Barr and Giuliani clash over allegations of election fraud
December 1, 2020Attorney General William Barr on Tuesday said that there was no evidence of large-scale fraud during this year’s election, prompting a stern rebuke from President Donald Trump’s legal team as the president continues in his efforts to negate the results.
Normally a dependable deputy to the president, Barr contradicted Trump’s persistent allegations of a stolen election in an interview to The Associated Press. Trump’s legal team, led by Rudy Giuliani, has insisted on investigations into what they say are troubling irregularities but are actually normal errors expected in any election. The president’s critics have called out the efforts as a thinly veiled power grab.
“To date, we have not seen fraud on a scale that could have affected a different outcome in the election,” Barr said, according to the AP.
Giuliani and Jenna Ellis, senior legal adviser to the campaign, hit back at Barr only minutes after the AP reported his remarks. The two claimed that the Justice Department had not sufficiently investigated allegations of election irregularities and had failed to interview witnesses who claimed to see illegal behavior.
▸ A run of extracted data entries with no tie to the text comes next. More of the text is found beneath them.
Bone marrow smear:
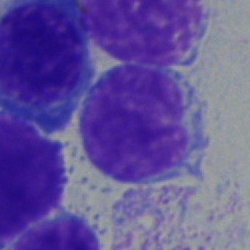 Morphology — typical lymphocyte.
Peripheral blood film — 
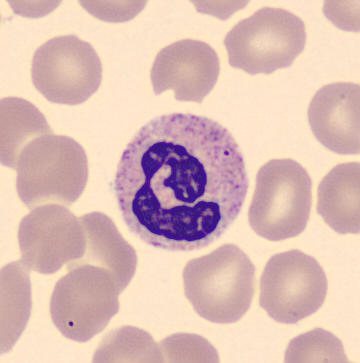 Showing a segmented neutrophil.
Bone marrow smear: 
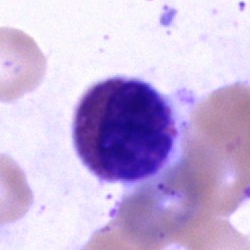
Morphology consistent with an eosinophil.
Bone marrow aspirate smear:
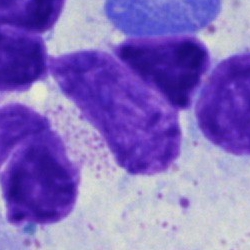

Specimen: bone marrow aspirate smear.
Cell type: artifact.
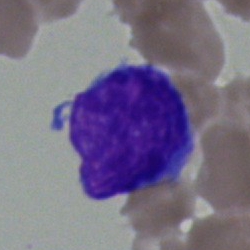
This is an undifferentiated blast.
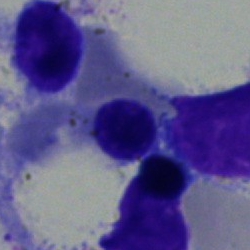

Q: Which cell type is shown here?
A: This is a nucleated red blood cell.
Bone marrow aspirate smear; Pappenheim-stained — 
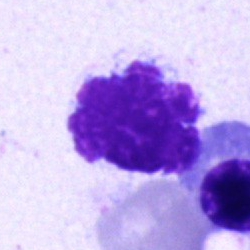

The cell shown is an artefact.
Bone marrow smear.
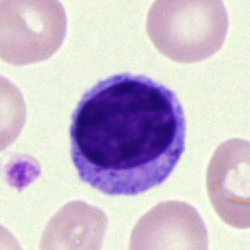

Specimen: bone marrow aspirate smear.
Morphological class: lymphocyte.
Lineage: lymphoid.
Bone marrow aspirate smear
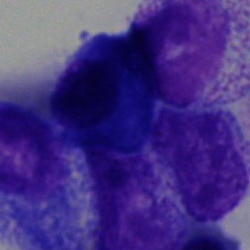
Q: What is shown here?
A: It is an artefact.
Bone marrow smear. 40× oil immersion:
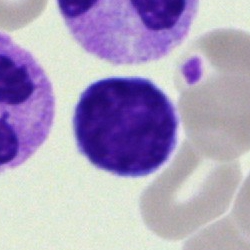 Q: What is shown here?
A: A typical lymphocyte.
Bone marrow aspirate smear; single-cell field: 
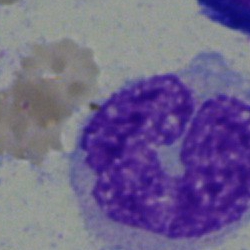
Classification = monocyte.
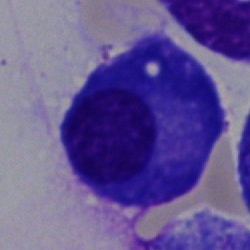A plasma cell on a bone marrow smear.
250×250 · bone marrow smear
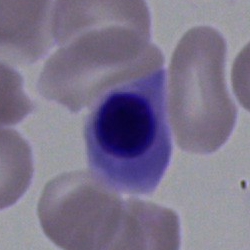Cell — erythroblast.
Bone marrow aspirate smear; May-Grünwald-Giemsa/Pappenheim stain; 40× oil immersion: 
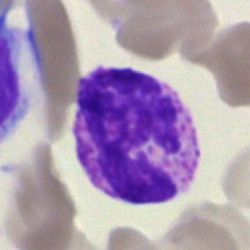 The cell shown is a basophil.
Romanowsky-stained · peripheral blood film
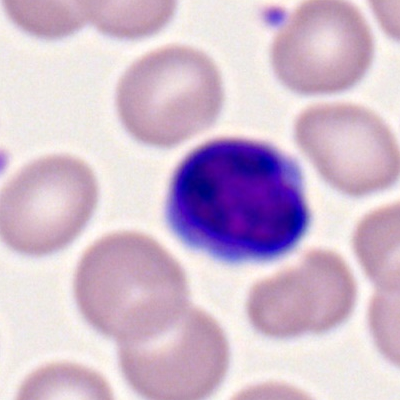 Classification: typical lymphocyte.
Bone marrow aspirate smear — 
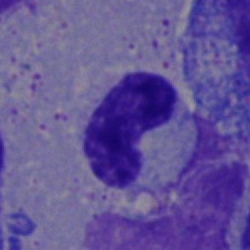
Classification = band neutrophil.
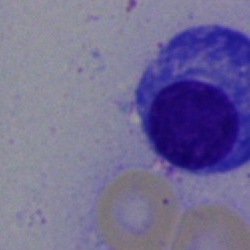
Single-cell crop from a bone marrow smear: plasmacyte.
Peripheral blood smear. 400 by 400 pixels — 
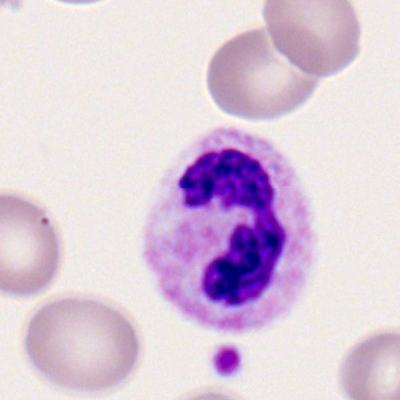 Impression — segmented neutrophil.
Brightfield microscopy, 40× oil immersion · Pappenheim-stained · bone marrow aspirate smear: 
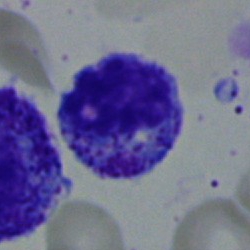 The cell shown is a myelocyte.
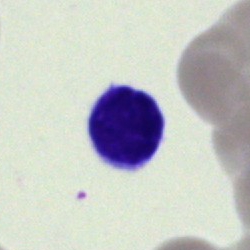

This is a typical lymphocyte.
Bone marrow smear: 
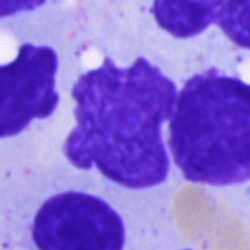

Q: What is shown here?
A: Artefact.
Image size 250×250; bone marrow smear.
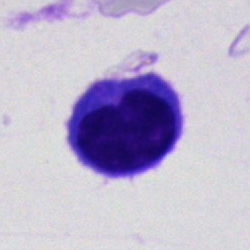 The cell is lymphocyte.
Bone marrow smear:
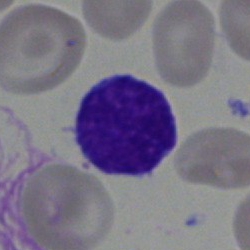
Showing a typical lymphocyte.
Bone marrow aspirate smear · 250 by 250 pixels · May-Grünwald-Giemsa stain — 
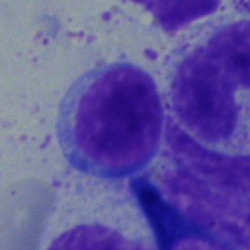 Morphological class = typical lymphocyte.
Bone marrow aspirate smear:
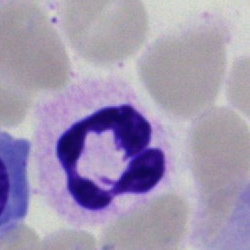Q: What is the morphological classification of this cell?
A: This is a segmented neutrophil.

Trump’s legal team has peddled eyebrow-raising conspiracy theories about the election, in spite of election officials in states across the country affirming the vote was fair. Attorney Sidney Powell, in particular, has made waves for falsely alleging instances of foreign interference and voting machines changing votes against voters’ will. Trump’s legal team distanced itself from Powell shortly after.
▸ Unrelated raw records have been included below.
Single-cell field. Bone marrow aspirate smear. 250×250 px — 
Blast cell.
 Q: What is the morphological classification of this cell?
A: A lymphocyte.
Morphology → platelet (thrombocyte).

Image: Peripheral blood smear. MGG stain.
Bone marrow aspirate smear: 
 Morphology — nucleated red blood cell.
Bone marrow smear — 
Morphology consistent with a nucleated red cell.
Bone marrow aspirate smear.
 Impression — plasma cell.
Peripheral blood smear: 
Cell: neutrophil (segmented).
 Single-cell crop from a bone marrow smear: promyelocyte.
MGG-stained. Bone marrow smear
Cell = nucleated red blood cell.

“With the greatest respect to the Attorney General, his opinion appears to be without any knowledge or investigation of the substantial irregularities and evidence of systemic fraud,” Giuliani and Ellis said in a statement.
But their statement is at odds with Barr’s remarks to the AP, in which he attests that most claims were of one-off instances and have been followed up on. A Justice Department spokesperson also said Tuesday that the department would continue to review and investigate any allegations of malfeasance, and reemphasized that Barr never ruled out the possibility of election fraud.
“There’s a growing tendency to use the criminal justice system as sort of a default fix-all, and people don’t like something, they want the Department of Justice to come in and ‘investigate,’” Barr said.
The attorney general’s breaking from Trump’s claims stands in stark contrast to his previous, careful support of many of the president’s allegations. In the lead-up to the election, Barr supported the president’s claims that mail-in ballots were vulnerable to mass fraud — an unsubstantiated notion that could have had a serious impact as an unprecedented number of Americans voted by mail amid the coronavirus pandemic.
Trump has lashed out at members of his own party for failing to support his legal challenges. Republican Govs. Doug Ducey of Arizona and Brian Kemp of Georgia, in particular, have been targets after they certified their states’ votes for Joe Biden. Trump fired Chris Krebs as the head of U.S. cybersecurity shortly after he said this year’s election was among the safest in history.
Just after the AP reported his remarks, Barr was spotted by reporters at the White House. A White House official told POLITICO that Barr met with White House Chief of Staff Mark Meadows and White House counsel Pat Cipollone for a prescheduled meeting.
Barr has been among Trump‘s most loyal allies, playing a critical role during the federal investigations into the Russian interference in the 2016 election. During his AP interview, he revealed that he had granted special counsel authority to the U.S. attorney investigating the origins and conduct of federal probes into the 2016 election.
The move largely shields John Durham, the attorney, from getting fired, particularly as a Democratic administration takes over in January.
Durham‘s probe has faint legitimacy in the eyes of Democrats, who largely view it as retaliation for the investigations into the 2016 election that defined the first half of the Trump presidency.
Nancy Cook and Josh Gerstein contributed to this report.